(Items from a dataset)
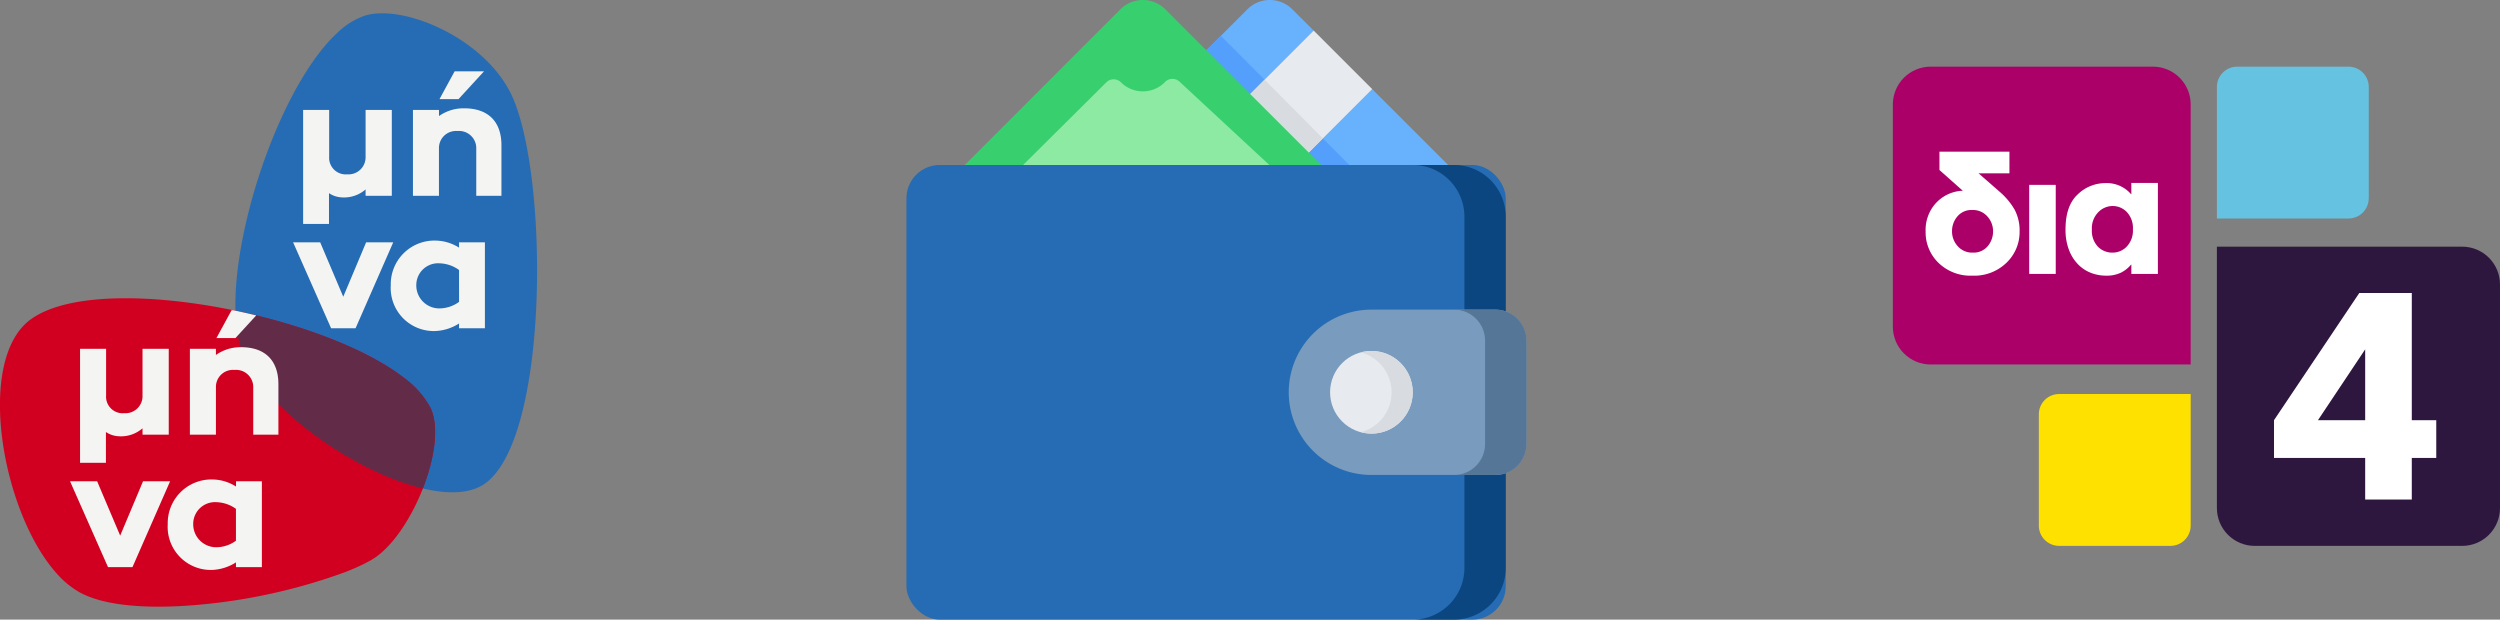 <svg xmlns="http://www.w3.org/2000/svg" xmlns:xlink="http://www.w3.org/1999/xlink" width="375.097" height="92.966" viewBox="0 0 375.097 92.966">
  <rect x="0" y="0" width="375.097" height="92.966" fill="#808080" stroke="none"/>
  <defs>
    <clipPath id="clip-path">
      <path id="Path_405928" data-name="Path 405928" d="M40.345,22.412V61.636a5.673,5.673,0,0,0,5.672,5.672H77.149a5.673,5.673,0,0,0,5.672-5.672V28.084a5.673,5.673,0,0,0-5.672-5.672Z" transform="translate(-40.345 -22.412)" fill="none"/>
    </clipPath>
    <linearGradient id="linear-gradient" x1="-73.499" y1="-49.72" x2="-73.485" y2="-49.72" gradientUnits="objectBoundingBox">
      <stop offset="0" stop-color="#2b163f"/>
      <stop offset="1" stop-color="#2e173f"/>
    </linearGradient>
    <clipPath id="clip-path-2">
      <path id="Path_405929" data-name="Path 405929" d="M21.219,40.76A3.043,3.043,0,0,0,18.176,43.8V60.5a3.043,3.043,0,0,0,3.043,3.043h16.7A3.042,3.042,0,0,0,40.961,60.5V40.76Z" transform="translate(-18.176 -40.76)" fill="none"/>
    </clipPath>
    <linearGradient id="linear-gradient-2" x1="-134.451" y1="-100.337" x2="-134.426" y2="-100.337" gradientUnits="objectBoundingBox">
      <stop offset="0" stop-color="#ffbe00"/>
      <stop offset="1" stop-color="#ffe100"/>
    </linearGradient>
    <clipPath id="clip-path-3">
      <path id="Path_405931" data-name="Path 405931" d="M43.388,0a3.042,3.042,0,0,0-3.043,3.043V22.785H60.087a3.043,3.043,0,0,0,3.043-3.043V3.043A3.043,3.043,0,0,0,60.087,0Z" transform="translate(-40.345)" fill="none"/>
    </clipPath>
    <linearGradient id="linear-gradient-3" x1="-135.656" y1="-98.24" x2="-135.631" y2="-98.24" gradientUnits="objectBoundingBox">
      <stop offset="0" stop-color="#31b5ed"/>
      <stop offset="0.454" stop-color="#52bee7"/>
      <stop offset="1" stop-color="#65c2e0"/>
    </linearGradient>
    <clipPath id="clip-path-4">
      <path id="Path_405932" data-name="Path 405932" d="M5.672,0A5.673,5.673,0,0,0,0,5.672V39.017a5.673,5.673,0,0,0,5.672,5.672H44.689V5.672A5.672,5.672,0,0,0,39.017,0Z" fill="none"/>
    </clipPath>
    <linearGradient id="linear-gradient-4" x1="-68.796" y1="-49.315" x2="-68.783" y2="-49.315" gradientUnits="objectBoundingBox">
      <stop offset="0" stop-color="#800e6a"/>
      <stop offset="1" stop-color="#ac0069"/>
    </linearGradient>
  </defs>
  <g id="img-payment" transform="translate(-532.371 -10215.626)">
    <g id="dia4" transform="translate(861.919 10261.578)">
      <g id="Group_816743" data-name="Group 816743" transform="translate(-45.548 -35.953)">
        <g id="Group_816736" data-name="Group 816736" transform="translate(48.62 27.009)">
          <g id="Group_816735" data-name="Group 816735" clip-path="url(#clip-path)">
            <rect id="Rectangle_385219" data-name="Rectangle 385219" width="42.477" height="44.897" transform="translate(0 0)" fill="url(#linear-gradient)"/>
          </g>
        </g>
        <g id="Group_816738" data-name="Group 816738" transform="translate(21.904 49.12)">
          <g id="Group_816737" data-name="Group 816737" clip-path="url(#clip-path-2)">
            <rect id="Rectangle_385220" data-name="Rectangle 385220" width="22.785" height="22.785" transform="translate(0.001 0)" fill="url(#linear-gradient-2)"/>
          </g>
        </g>
        <path id="Path_405930" data-name="Path 405930" d="M61.134,36.638V47.262H54.05ZM71.8,47.262H68.129V28.183H60.249L47.456,47.262v5.666H61.134V59.17h6.994V52.929H71.8Z" transform="translate(9.734 5.781)" fill="#fff"/>
        <g id="Group_816740" data-name="Group 816740" transform="translate(48.62)">
          <g id="Group_816739" data-name="Group 816739" clip-path="url(#clip-path-3)">
            <rect id="Rectangle_385221" data-name="Rectangle 385221" width="22.785" height="22.785" transform="translate(0)" fill="url(#linear-gradient-3)"/>
          </g>
        </g>
        <g id="Group_816742" data-name="Group 816742">
          <g id="Group_816741" data-name="Group 816741" clip-path="url(#clip-path-4)">
            <rect id="Rectangle_385222" data-name="Rectangle 385222" width="44.69" height="44.689" transform="translate(0)" fill="url(#linear-gradient-4)"/>
          </g>
        </g>
        <path id="Path_405933" data-name="Path 405933" d="M8.893,24.761a2.864,2.864,0,0,0,2.266.969,2.744,2.744,0,0,0,2.24-.969,3.407,3.407,0,0,0,.8-2.227,3.276,3.276,0,0,0-.852-2.227,2.867,2.867,0,0,0-2.266-.969,2.741,2.741,0,0,0-2.24.969,3.4,3.4,0,0,0-.8,2.227,3.27,3.27,0,0,0,.852,2.227M6.155,13.338v-2.75h10.5v3.248H12.023l3.119,2.725a10.484,10.484,0,0,1,2.278,2.7,6.683,6.683,0,0,1,.76,3.3,6.378,6.378,0,0,1-1.952,4.676,6.924,6.924,0,0,1-5.122,1.952,6.889,6.889,0,0,1-5.1-1.926,6.368,6.368,0,0,1-1.926-4.677,5.974,5.974,0,0,1,1.493-4.23,5.774,5.774,0,0,1,3.617-1.874,3.158,3.158,0,0,1,.471-.027Z" transform="translate(0.838 2.172)" fill="#fff"/>
        <rect id="Rectangle_385223" data-name="Rectangle 385223" width="3.981" height="13.361" transform="translate(20.459 17.738)" fill="#fff"/>
        <path id="Path_405934" data-name="Path 405934" d="M30.693,24.015a3.47,3.47,0,0,0,.917-2.567,3.5,3.5,0,0,0-.917-2.607,2.935,2.935,0,0,0-2.122-.9,3.024,3.024,0,0,0-2.161.929,3.436,3.436,0,0,0-.957,2.581,3.479,3.479,0,0,0,.905,2.593,3.027,3.027,0,0,0,2.213.891,2.916,2.916,0,0,0,2.122-.917M25.31,27.971a5.44,5.44,0,0,1-1.939-1.285,6.294,6.294,0,0,1-1.362-2.174,8.4,8.4,0,0,1-.511-3.065q0-3.563,1.834-5.253a5.952,5.952,0,0,1,4.138-1.69,4.814,4.814,0,0,1,3.852,1.651h.052V14.479h3.983V28.128H31.374V26.74h-.052a4.631,4.631,0,0,1-1.52,1.205,4.962,4.962,0,0,1-2.227.446,6.264,6.264,0,0,1-2.266-.419" transform="translate(4.41 2.97)" fill="#fff"/>
      </g>
    </g>
    <g id="minamina_w_" data-name="minamina[w]" transform="translate(572.664 10262.14)">
      <g id="Group_816746" data-name="Group 816746" transform="translate(-40.293 -44.514)">
        <path id="Path_405935" data-name="Path 405935" d="M388.3.386a11.331,11.331,0,0,0-4.051,2.575q-.32.3-.637.618c-5.559,5.655-10.617,17.232-13.068,28-.113.5-.221.994-.323,1.488-1.44,6.972-1.727,13.467-.277,17.617,1.09,3.123,3.766,6.49,7.237,9.6q.456.409.932.814c5.351,4.542,12.3,8.424,18.258,10.005.609.163,1.208.3,1.794.412,3.355.641,6.278.435,8.248-.947,4.6-3.228,7-13.782,7.655-25.268q.094-1.651.142-3.322c.311-10.912-.877-22.106-3.173-28.272q-.207-.559-.428-1.062c-.033-.074-.065-.148-.1-.221-3.984-8.7-16.43-13.934-22.206-12.04" transform="translate(-333.675 0)" fill="#256cb4"/>
        <g id="Group_816744" data-name="Group 816744" transform="translate(43.975 8.708)">
          <path id="Path_405936" data-name="Path 405936" d="M484.529,164.279v-.951a4.935,4.935,0,0,1-3.617,1.188,3.7,3.7,0,0,1-1.875-.634v4.62h-3.881V151.394h3.908v7a2.491,2.491,0,0,0,2.719,2.667,2.563,2.563,0,0,0,2.746-2.508v-7.155h3.934v12.885Z" transform="translate(-473.651 -145.612)" fill="#f4f4f2"/>
          <path id="Path_405937" data-name="Path 405937" d="M656.8,109.65v-7.076a2.58,2.58,0,0,0-2.825-2.64,2.552,2.552,0,0,0-2.772,2.482v7.234H647.3V96.765h3.907v.924a6.376,6.376,0,0,1,3.8-1.162c3.511,0,5.571,1.927,5.571,5.545v7.578Zm-5.518-14.5,2.271-4.172h4.409l-3.828,4.172Z" transform="translate(-629.317 -90.983)" fill="#f4f4f2"/>
          <path id="Path_405938" data-name="Path 405938" d="M465.137,371.9l-5.7-12.885H463.5l3.459,8.159,3.432-8.159h4.066l-5.65,12.885Z" transform="translate(-459.434 -333.36)" fill="#f4f4f2"/>
          <path id="Path_405939" data-name="Path 405939" d="M622.784,369.406v-.713a7.146,7.146,0,0,1-3.617,1.135,6.468,6.468,0,0,1-6.627-6.865,6.551,6.551,0,0,1,6.785-6.706,6.748,6.748,0,0,1,3.459,1.056v-.792h3.881v12.885Zm0-8.739a5.238,5.238,0,0,0-2.9-1,3.271,3.271,0,0,0-3.512,3.169,3.45,3.45,0,0,0,3.617,3.591,5.035,5.035,0,0,0,2.8-.977Z" transform="translate(-597.885 -330.866)" fill="#f4f4f2"/>
        </g>
        <path id="Path_405940" data-name="Path 405940" d="M64.586,463.077a13.5,13.5,0,0,0-3.979-4.5q-.338-.266-.7-.524c-6.443-4.669-17.809-8.54-28.8-10.334-.556-.091-1.112-.177-1.664-.256-10.365-1.5-20.151-1.076-24.849,2.359-2.273,1.661-3.627,4.568-4.229,8.105-.045.265-.086.534-.123.806-1.211,8.982,2.118,21.538,7.5,28.294q.355.448.725.862a13.565,13.565,0,0,0,3.4,2.831c3.71,2.088,10.148,2.532,17.092,1.981.229-.018.458-.037.688-.058a86.146,86.146,0,0,0,22.242-4.949q.589-.231,1.139-.469a27.338,27.338,0,0,0,2.58-1.253c6.048-3.384,11.688-17.309,8.978-22.9" transform="translate(0 -403.892)" fill="#d20020"/>
        <path id="Path_405941" data-name="Path 405941" d="M398.394,480.69a13.5,13.5,0,0,0-3.979-4.5q-.338-.266-.7-.524c-5.62-4.073-14.986-7.538-24.579-9.548a20.233,20.233,0,0,0,.941,6.073c1.09,3.123,3.766,6.49,7.237,9.6q.456.409.931.814c5.351,4.542,12.3,8.424,18.258,10.005.252.067.5.127.748.186C399.034,488.243,399.733,483.45,398.394,480.69Z" transform="translate(-333.808 -421.505)" fill="#622c49"/>
        <g id="Group_816745" data-name="Group 816745" transform="translate(10.506 44.55)">
          <path id="Path_405942" data-name="Path 405942" d="M273.114,743.156v.713H277V730.984h-3.881v.792a6.749,6.749,0,0,0-3.459-1.056,6.551,6.551,0,0,0-6.785,6.706,6.468,6.468,0,0,0,6.627,6.865A7.145,7.145,0,0,0,273.114,743.156Zm-6.416-5.861a3.271,3.271,0,0,1,3.512-3.168,5.238,5.238,0,0,1,2.9,1v4.779a5.036,5.036,0,0,1-2.8.977A3.45,3.45,0,0,1,266.7,737.294Z" transform="translate(-248.215 -705.329)" fill="#f4f4f2"/>
          <path id="Path_405943" data-name="Path 405943" d="M120.721,733.478l-3.432,8.159-3.459-8.159h-4.066l5.7,12.885h3.67l5.65-12.885Z" transform="translate(-109.764 -707.823)" fill="#f4f4f2"/>
          <path id="Path_405944" data-name="Path 405944" d="M341.551,465.445l-2.271,4.172h2.851l3.121-3.4q-1.7-.415-3.428-.77Z" transform="translate(-317.313 -465.445)" fill="#f4f4f2"/>
          <path id="Path_405945" data-name="Path 405945" d="M129.395,532.853v-7h-3.908v17.109h3.881v-4.62a3.7,3.7,0,0,0,1.875.634,4.935,4.935,0,0,0,3.617-1.188v.951h3.934V525.856H134.86v7.155a2.563,2.563,0,0,1-2.746,2.508A2.491,2.491,0,0,1,129.395,532.853Z" transform="translate(-123.982 -520.074)" fill="#f4f4f2"/>
          <path id="Path_405946" data-name="Path 405946" d="M305.338,523.374a6.375,6.375,0,0,0-3.8,1.162v-.924h-3.908V536.5h3.908v-7.234a2.552,2.552,0,0,1,2.772-2.482,2.58,2.58,0,0,1,2.825,2.64V536.5h3.776v-7.578C310.909,525.3,308.849,523.374,305.338,523.374Z" transform="translate(-279.646 -517.829)" fill="#f4f4f2"/>
        </g>
      </g>
    </g>
    <g id="_27-Wallet" data-name="27-Wallet" transform="translate(666.371 10213.592)">
      <path id="Path_406240" data-name="Path 406240" d="M74.172,27.236,50.267,3.345a4.775,4.775,0,0,0-6.573,0L19.8,27.236a1.55,1.55,0,0,0,1.085,2.651H73.072a1.56,1.56,0,0,0,1.1-2.651Z" transform="translate(9.545 0)" fill="#68b1fc"/>
      <path id="Path_406241" data-name="Path 406241" d="M39.631,5.5,19.8,25.329a1.55,1.55,0,0,0,1.085,2.651H61.971Z" transform="translate(9.545 1.907)" fill="#539ffb"/>
      <path id="Path_406242" data-name="Path 406242" d="M26.41,28.255H43.96l14.48-14.48L49.665,5Z" transform="translate(13.433 1.632)" fill="#e7eaef"/>
      <path id="Path_406243" data-name="Path 406243" d="M42.3,9.75,26.41,25.641H43.96l7.085-7.085Z" transform="translate(13.433 4.246)" fill="#d8dbe0"/>
      <path id="Path_406244" data-name="Path 406244" d="M61.892,27.236,37.971,3.345a4.775,4.775,0,0,0-6.573,0L7.523,27.236a1.55,1.55,0,0,0,1.085,2.651H60.792a1.56,1.56,0,0,0,1.1-2.651Z" transform="translate(2.787)" fill="#38cf6e"/>
      <path id="Path_406245" data-name="Path 406245" d="M51,23,37.049,10.059a1.55,1.55,0,0,0-2.186.124,4.651,4.651,0,0,1-6.573,0,1.55,1.55,0,0,0-2.186,0L13.159,23.035a1.56,1.56,0,0,0,1.1,2.651H49.917A1.55,1.55,0,0,0,50.971,23Z" transform="translate(5.895 4.2)" fill="#8ceaa3"/>
      <rect id="Rectangle_385330" data-name="Rectangle 385330" width="89.918" height="68.214" rx="5" transform="translate(2 26.786)" fill="#256cb4"/>
      <path id="Path_406246" data-name="Path 406246" d="M57.2,18H51a7.752,7.752,0,0,1,7.752,7.752V78.462A7.752,7.752,0,0,1,51,86.214h6.2a7.752,7.752,0,0,0,7.752-7.752V25.752A7.752,7.752,0,0,0,57.2,18Z" transform="translate(26.965 8.786)" fill="#0c4681"/>
      <path id="Path_406247" data-name="Path 406247" d="M70.006,32H51.4a12.4,12.4,0,0,0,0,24.805h18.6a4.651,4.651,0,0,0,4.651-4.651v-15.5A4.651,4.651,0,0,0,70.006,32Z" transform="translate(20.362 16.491)" fill="#789bbe"/>
      <path id="Path_406248" data-name="Path 406248" d="M61.2,32H55a4.651,4.651,0,0,1,4.651,4.651v15.5A4.651,4.651,0,0,1,55,56.805h6.2a4.651,4.651,0,0,0,4.651-4.651v-15.5A4.651,4.651,0,0,0,61.2,32Z" transform="translate(29.167 16.491)" fill="#567697"/>
      <circle id="Ellipse_6" data-name="Ellipse 6" cx="6.201" cy="6.201" r="6.201" transform="translate(65.563 54.692)" fill="#e7eaef"/>
      <path id="Path_406249" data-name="Path 406249" d="M47.55,36a6.341,6.341,0,0,0-1.55.217,6.2,6.2,0,0,1,0,11.968,6.34,6.34,0,0,0,1.55.217,6.2,6.2,0,1,0,0-12.4Z" transform="translate(24.214 18.692)" fill="#d8dbe0"/>
    </g>
  </g>
</svg>

## [Required work]
Search the lines above for the string "stop", then show every one that has it.

## [Final answer]
      <stop offset="0" stop-color="#2b163f"/>
      <stop offset="1" stop-color="#2e173f"/>
      <stop offset="0" stop-color="#ffbe00"/>
      <stop offset="1" stop-color="#ffe100"/>
      <stop offset="0" stop-color="#31b5ed"/>
      <stop offset="0.454" stop-color="#52bee7"/>
      <stop offset="1" stop-color="#65c2e0"/>
      <stop offset="0" stop-color="#800e6a"/>
      <stop offset="1" stop-color="#ac0069"/>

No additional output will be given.